Last edit: Igor Pavlov 2017-02-27
Yes, I did test DISM; it behaves the same as wimlib and 7-Zip, which is to
incorrectly link the colliding files to the same contents.
It would be possible to identify file contents by index, but to be compatible it
would have to be the second part of the identifier after the SHA-1. In other
words, each SHA-1 would identify a set of file contents (of size > 1 only if
there is a SHA-1 collision), and the index would identify a specific file
contents in that set.
But the real problem is that you cannot efficiently identify duplications
without a strong checksum, since without strong checksum you'd need to compare
the full file contents before you know it's really a duplicate.

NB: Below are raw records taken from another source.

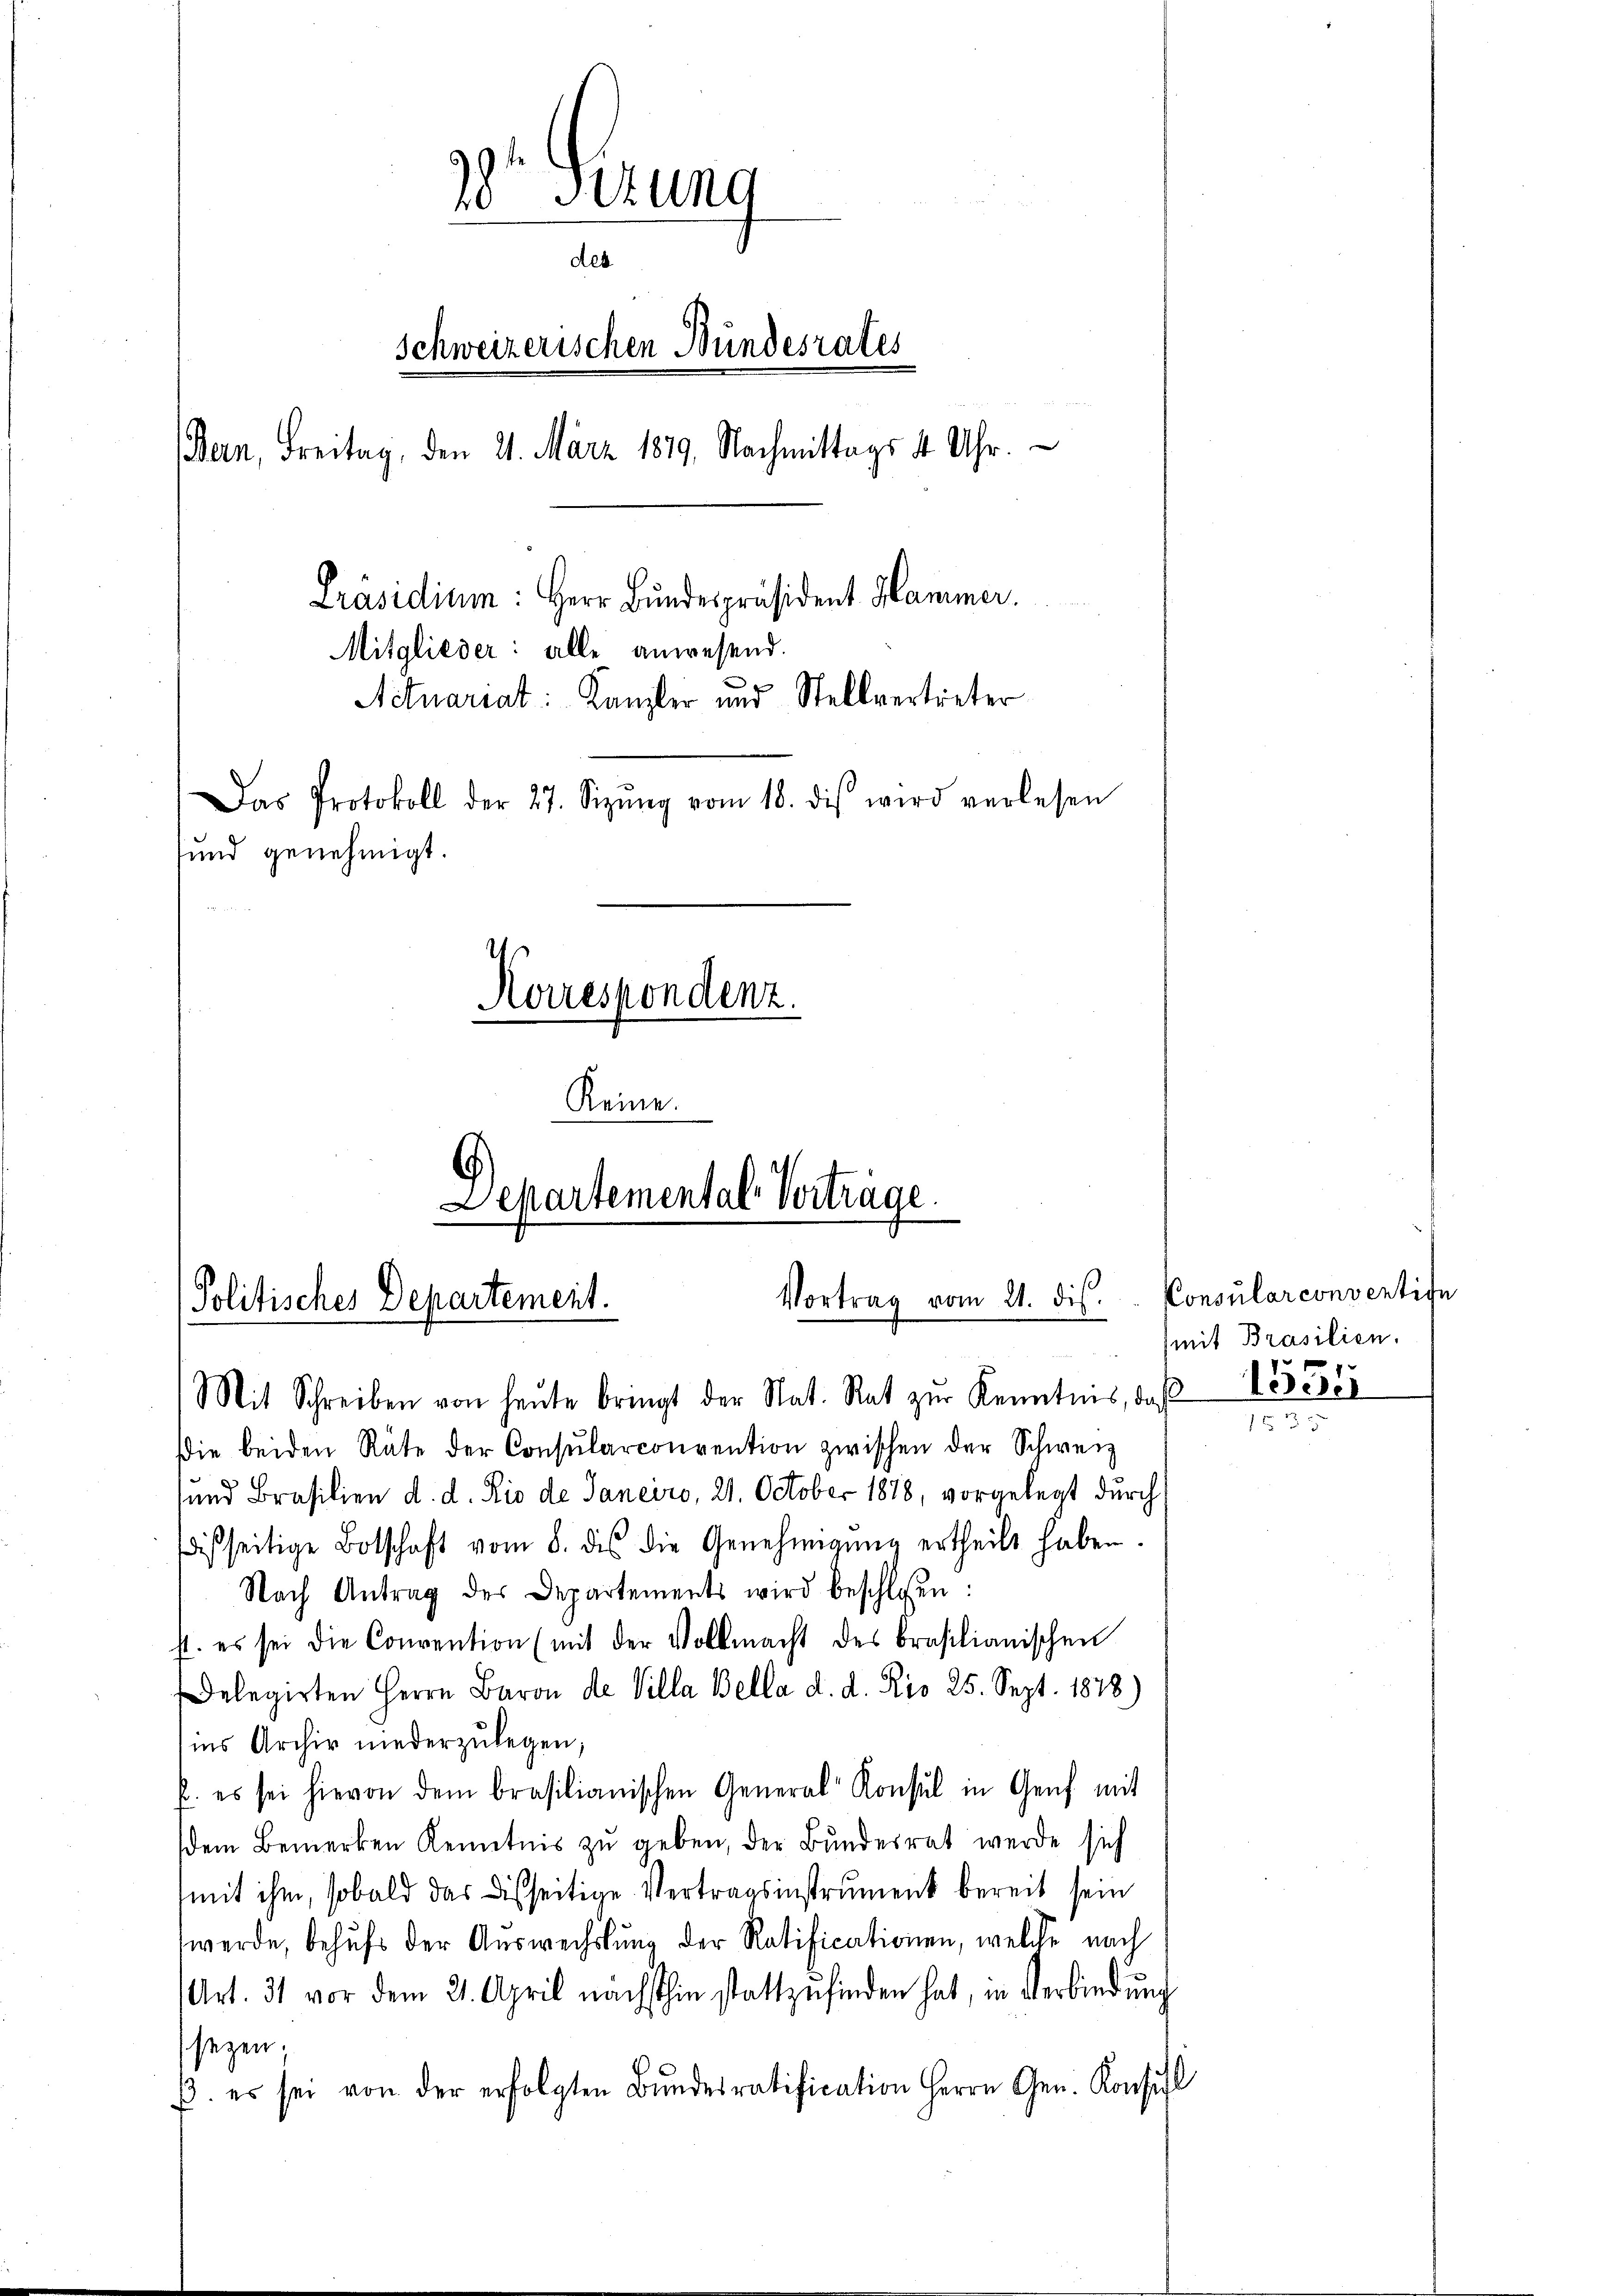
18' sizung
des
Schweizerischen Bundesrates
(Bern, Freitag, den 21. März 1879, Nachmittags 4 Uhr.
Präsidium: Herr Bundespräsident Hammer.
Mitglieder: alle anwesend.
Actuariat: Kanzler und Stellvertreter
Das Protokoll der 27. Sizŭng vom 18. diβ wird verlesen
sund genehmigt.
Korrespondenz.
Keine.

Departemental Vorträge.
Vortrag vom 21. dis.
Politisches Departement.
Mit Schreiben von heŭte bringt der Stat. Rat zŭr Kenntnis, da 13531

die beiden Räte der Consularconvention zwischen der Schweiz
und Brasilien d. d. Rio de Janeiro, 21. October 1878, vorgelegt durch
dißseitige Botschaft vom 8. des die Genehmigŭng ertheilt haben.
Nach Antrag des Departements wird beschlossen:
s. es sei die Convention (mit der Vollmacht des brasilianischen
Delegirten Herrn Baron de Villa Bella d. d. Kio 25. Sept. 1878)
ins Archiv niederzulegen;
. es sei hievon dem brasilianischen General Konsul in Genf mit
dem Bemerken Kenntnis zu geben, der Bundesrat werde sich
mit ihm, sobald das Disseitige Vertragsinstrument bereit sein
werde, behufs der Auswechslung der Ratificationen, welche nach
Art. 31 vor dem 21. April nächsthin stattzŭfinden hat, in Verbindŭng
seyen;
β. es sei von der erfolgten Bŭndesratification Herrn Gen. Konsul

Consularconventife
mit Brasilien.

153
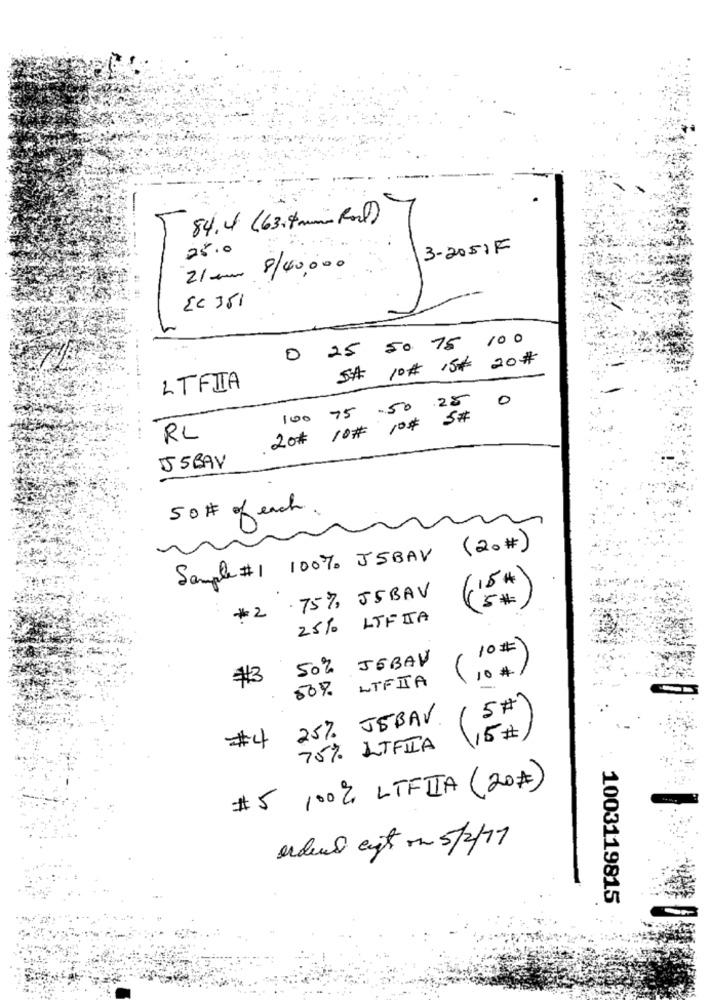
84.4 (63.4 mm Ral)
25.0
3-2051 F
21 am 8/40,000
0 25 50 75 100
5# 10# 15# 20#
LTFIIA
100 75 -50 .25 0
20# 10# 10# 5#
RL
55BAY
50# of each.
(20#)
Sample #1 100% JSBAV
15#
.75%, JSBAV
#2
25%0 LTFIA
10#
50% JEBAV
#3
(10 #1
50%
LTFIIIA
5#
25% JEBAV
(15# )
#4
75% ITFICA
# 5 100% LTFIIA (20#)
erduul ent on 5/2/19
1003119815
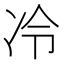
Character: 冷
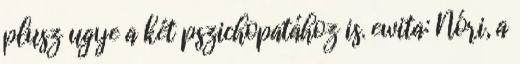
plusz ugye a két pszichopatához is. ewita: Nóri, a
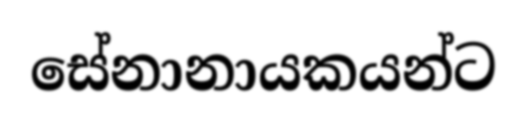
සේනානායකයන්ට
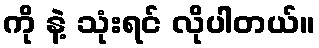
ကို နဲ့ သုံးရင် လိုပါတယ်။
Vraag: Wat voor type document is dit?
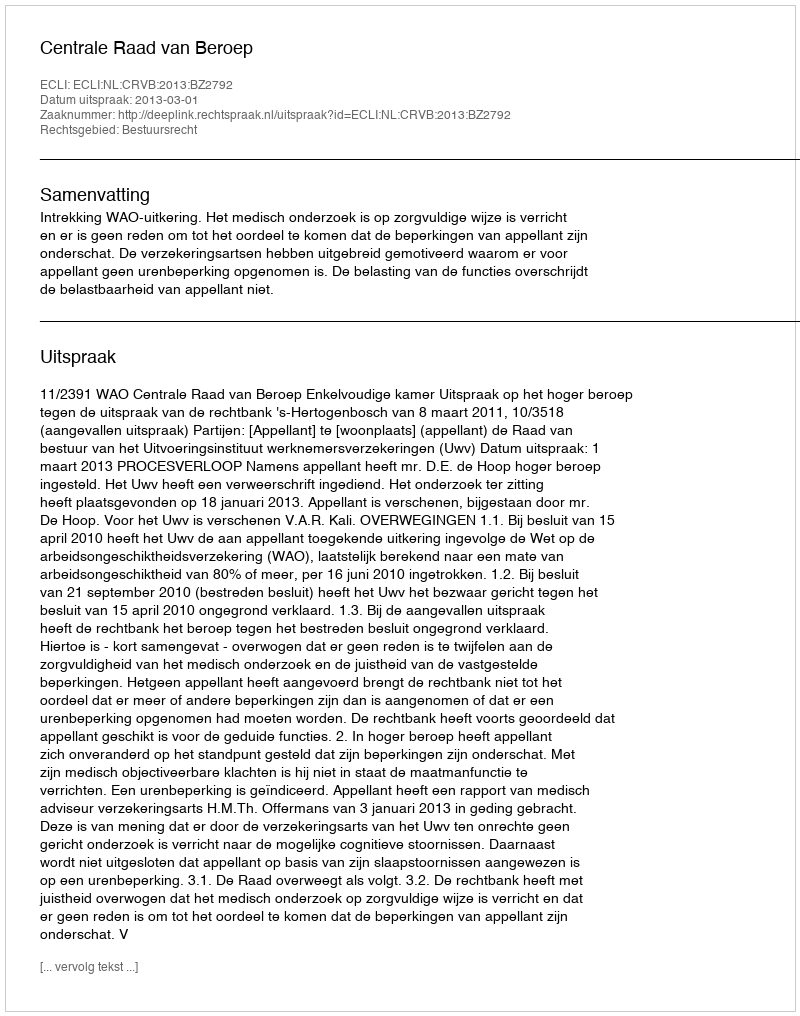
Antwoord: Uitspraak
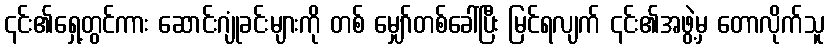
၎င်း၏ရှေ့တွင်ကား ဆောင်းဂျုံခင်းများကို တစ် မျှော်တစ်ခေါ်ပြီး မြင်ရလျက် ၎င်း၏အဖွဲ့မှ တောလိုက်သူ

As I mentioned, you could compute a strong checksum, like SHA-256 or BLAKE2,
temporarily while adding files and use it to identify duplications. But unless
you actually store the strong checksum in the archive, then you will not be able
to reliably identify a duplication between a new file and a file that already
existed in the archive. I don't think there's a way around that, other than
actually storing the strong checksums in the archive somewhere.
Note that it's pretty easy to add custom fields to WIM directory entries using
the "tagged items" feature (see tagged_items.c in the wimlib source code), and
any unrecognized custom fields get ignored by DISM / WIMGAPI. However, there
doesn't appear to be a way to add fields to the blob descriptors (a.k.a.
"lookup table entries"), as they have a fixed size of 50 bytes.